PLOS ONE, Apr 13, 2011
To investigate how cholinergic systems regulate aspects of the sleep disorder narcolepsy, we vide... more To investigate how cholinergic systems regulate aspects of the sleep disorder narcolepsy, we video-monitored mice lacking both orexin (hypocretin) receptors (double knockout; DKO mice) while pharmacologically altering cholinergic transmission. Spontaneous behavioral arrests in DKO mice were highly similar to those reported in orexin-deficient mice and were never observed in wild-type (WT) mice. A survival analysis revealed that arrest lifetimes were exponentially distributed indicating that random, Markovian processes determine arrest lifetime. Low doses (0.01, 0.03 mg/kg, IP), but not a high dose (0.08 mg/ kg, IP) of the cholinesterase inhibitor physostigmine increased the number of arrests but did not alter arrest lifetimes. The muscarinic antagonist atropine (0.5 mg/kg, IP) decreased the number of arrests, also without altering arrest lifetimes.

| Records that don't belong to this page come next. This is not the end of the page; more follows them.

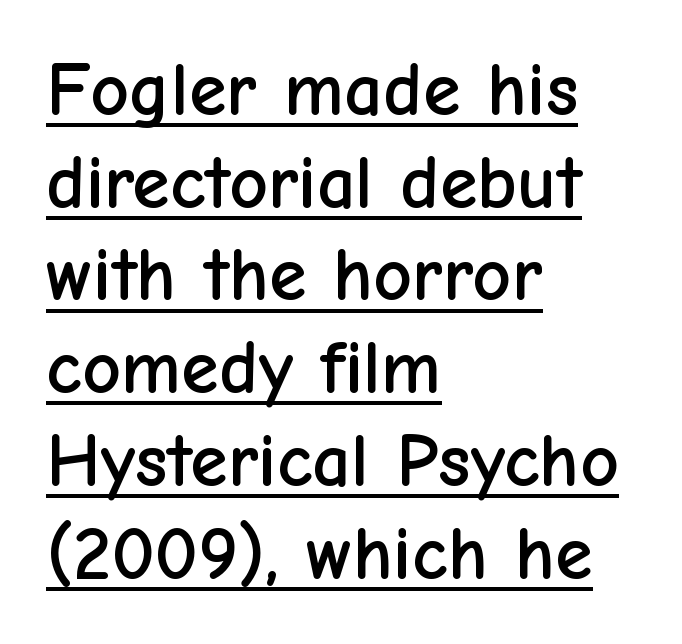
No extra tracking has been applied to these lines. Check the space under the baseline: a stroke is drawn there. The passage is arranged the way most books set body copy — flush left. If you drew a line through each stem, it would be perfectly vertical. What kind of face is this? One without serifs — a sans. The face used here is proportionally spaced, like ordinary book or web type.
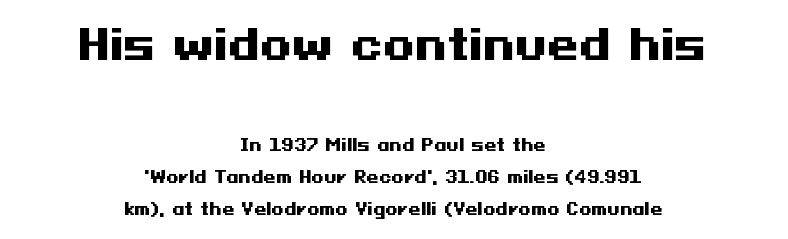
Q: Is the text bold? A: Yes.
Q: Is the text italic (slanted)? A: No, it is upright.
Q: Is the typeface a serif or a sans-serif typeface? A: Sans-serif.
Q: Is the text underlined? A: No.
Q: How is the paragraph aligned? A: Centered.
Q: Is the spacing between letters normal or unusually wide? A: Normal.
Q: Is the spacing between lines tight, normal or loose? A: Loose.
Q: Which block of text is set in a larger size, the first (top) or the second (bottom)? A: The first (top) one.
Q: Width (condensed, normal, or wide)? A: Wide.
Q: Stroke contrast? A: Medium.
Q: x-height? A: Medium.
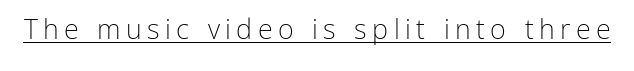
The image shows 27 px text type, upright; set unusually wide letter spacing (+0.2 em), underlined.
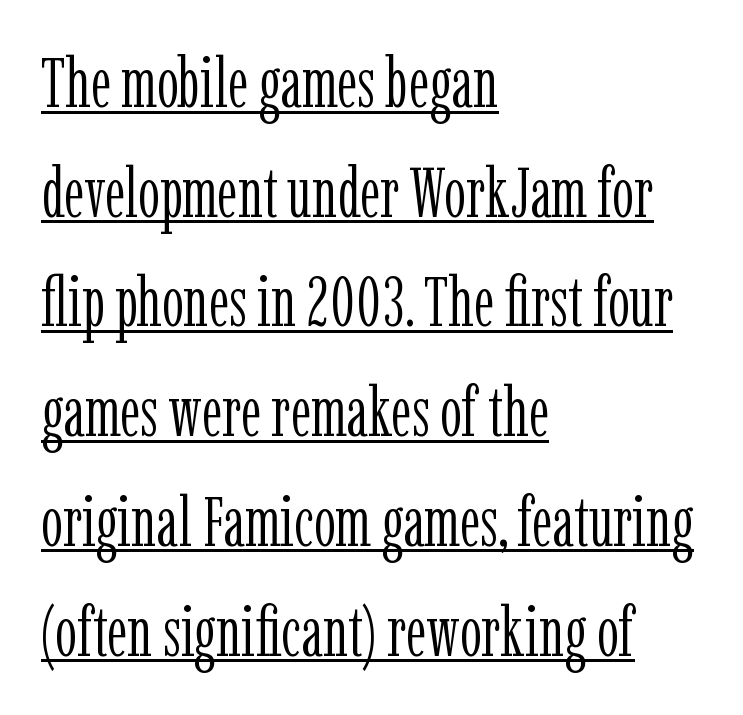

To determine if muscarinic transmission in pontine areas linked to REM sleep control also influences behavioral arrests, we microinjected neostigmine (50 nl, 62.5 mM) or neostigmine + atropine (62.5 mM and 111 mM respectively) into the nucleus pontis oralis and caudalis. Neostigmine increased the number of arrests in DKO mice without altering arrest lifetimes but did not provoke arrests in WT mice. Co-injection of atropine abolished this effect. Collectively, our findings establish that behavioral arrests in DKO mice are similar to those in orexin deficient mice and that arrests have exponentially distributed lifetimes. We also show, for the first time in a rodent narcolepsy model, that cholinergic systems can regulate arrest dynamics. Since perturbations of muscarinic transmission altered arrest frequency but not lifetime, our findings suggest cholinergic systems influence arrest initiation without influencing circuits that determine arrest duration.